# Step 1: Simulate a Mini Multi-label Dataset

In [1]:
# Sample input sentences (like job descriptions or resume lines)
texts = [
    "Looking for a data analyst skilled in Python and SQL.",
    "We need a cloud engineer with AWS and Docker experience.",
    "This role requires machine learning and deep learning expertise.",
]

# Corresponding multi-labels (multi-hot encoded)
# Format: [python, sql, aws, docker, ml, dl]
# Why?

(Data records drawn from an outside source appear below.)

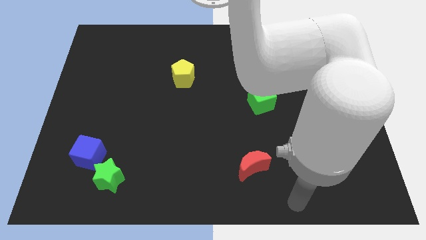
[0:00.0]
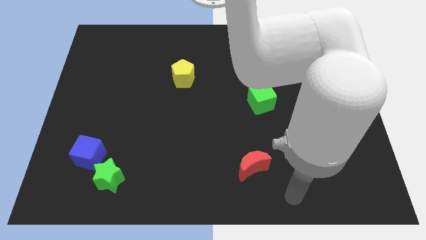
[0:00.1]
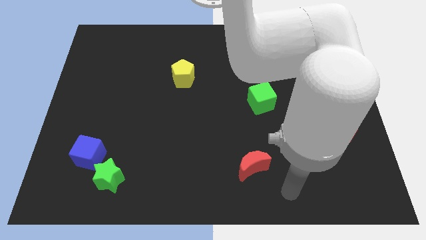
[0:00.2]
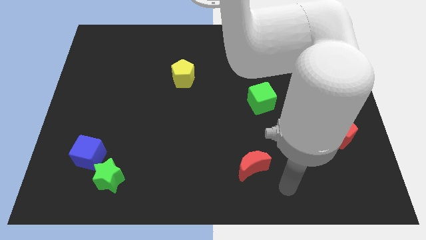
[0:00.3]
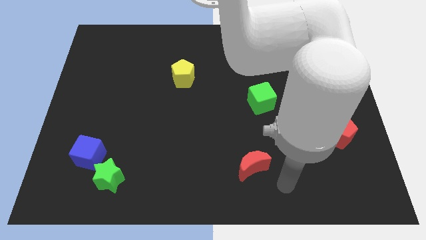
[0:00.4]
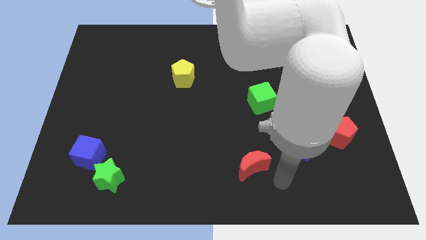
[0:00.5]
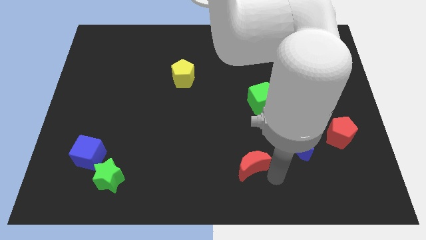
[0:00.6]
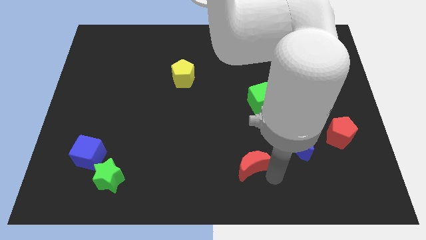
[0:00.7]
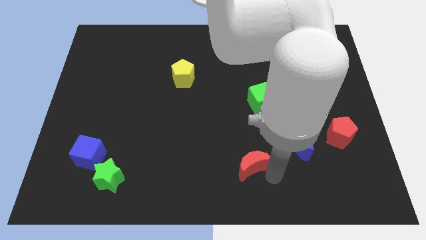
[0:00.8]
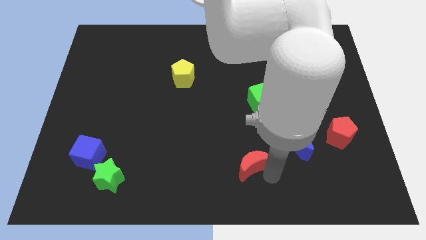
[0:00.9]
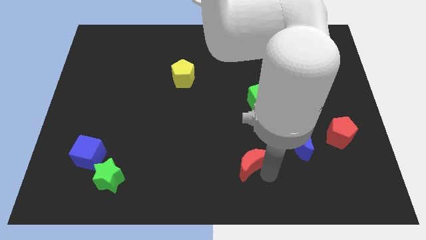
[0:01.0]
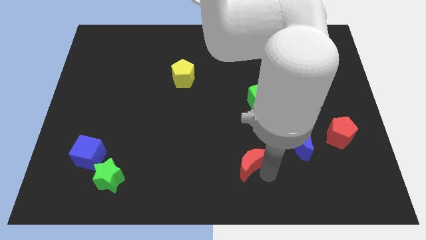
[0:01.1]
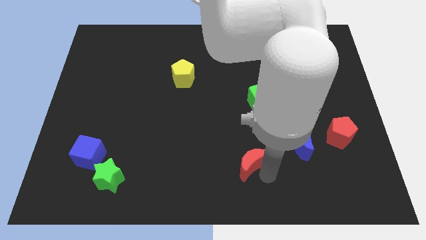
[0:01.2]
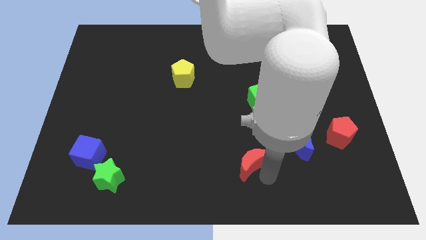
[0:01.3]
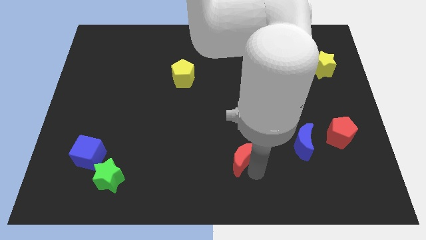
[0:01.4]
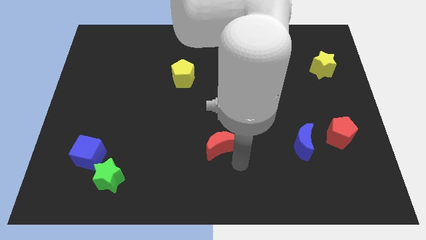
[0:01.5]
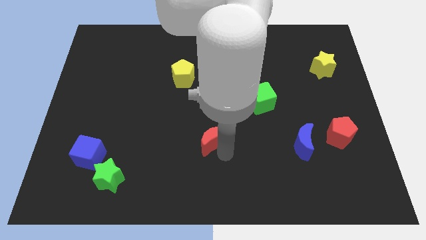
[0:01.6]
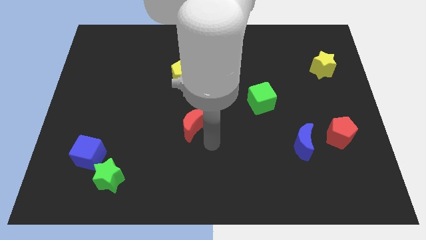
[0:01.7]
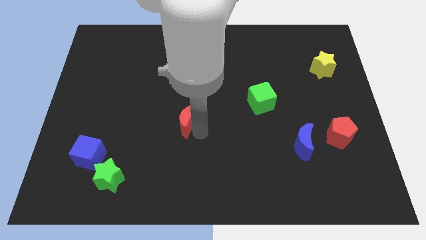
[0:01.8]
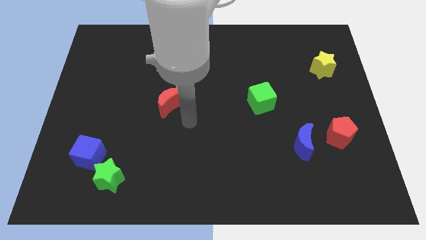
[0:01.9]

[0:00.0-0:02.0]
push the red crescent to the bottom of the yellow pentagon

Because multi-label = multiple '1's allowed
labels = [
    [1, 1, 0, 0, 0, 0],  # Python + SQL
    [0, 0, 1, 1, 0, 0],  # AWS + Docker
    [0, 0, 0, 0, 1, 1],  # ML + DL
]

# Step 2: Load Tokenizer and Encode Inputs

In [2]:
from transformers import AutoTokenizer

# Load BERT tokenizer (why? because it breaks input into tokens that BERT understands)
tokenizer = AutoTokenizer.from_pretrained("bert-base-uncased")

# Tokenize input text (adds input_ids and attention_masks)
# Why return_tensors="pt"? To get PyTorch tensors directly
encodings = tokenizer(texts, padding=True, truncation=True, return_tensors="pt")

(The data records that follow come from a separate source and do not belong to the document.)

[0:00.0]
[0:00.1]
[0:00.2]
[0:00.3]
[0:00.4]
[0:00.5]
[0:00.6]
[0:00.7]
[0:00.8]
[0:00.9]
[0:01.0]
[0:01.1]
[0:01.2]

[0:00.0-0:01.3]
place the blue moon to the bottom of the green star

# Step 3: Create a Custom Dataset

In [3]:
import torch

# Custom dataset class for multi-label task
class MultiLabelDataset(torch.utils.data.Dataset):
    def __init__(self, encodings, labels):
        self.encodings = encodings
        self.labels = torch.tensor(labels, dtype=torch.float)  # Convert list to tensor

    def __getitem__(self, idx):
        # Return one sample: input_ids, attention_mask, and its multi-hot labels
        item = {key: val[idx] for key, val in self.encodings.items()}
        item["labels"] = self.labels[idx]
        return item

    def __len__(self):
        return len(self.labels)

# Create the dataset object
dataset = MultiLabelDataset(encodings, labels)

Why?
Trainer expects a PyTorch-style dataset with __getitem__ and __len__. Each sample should return both inputs and labels.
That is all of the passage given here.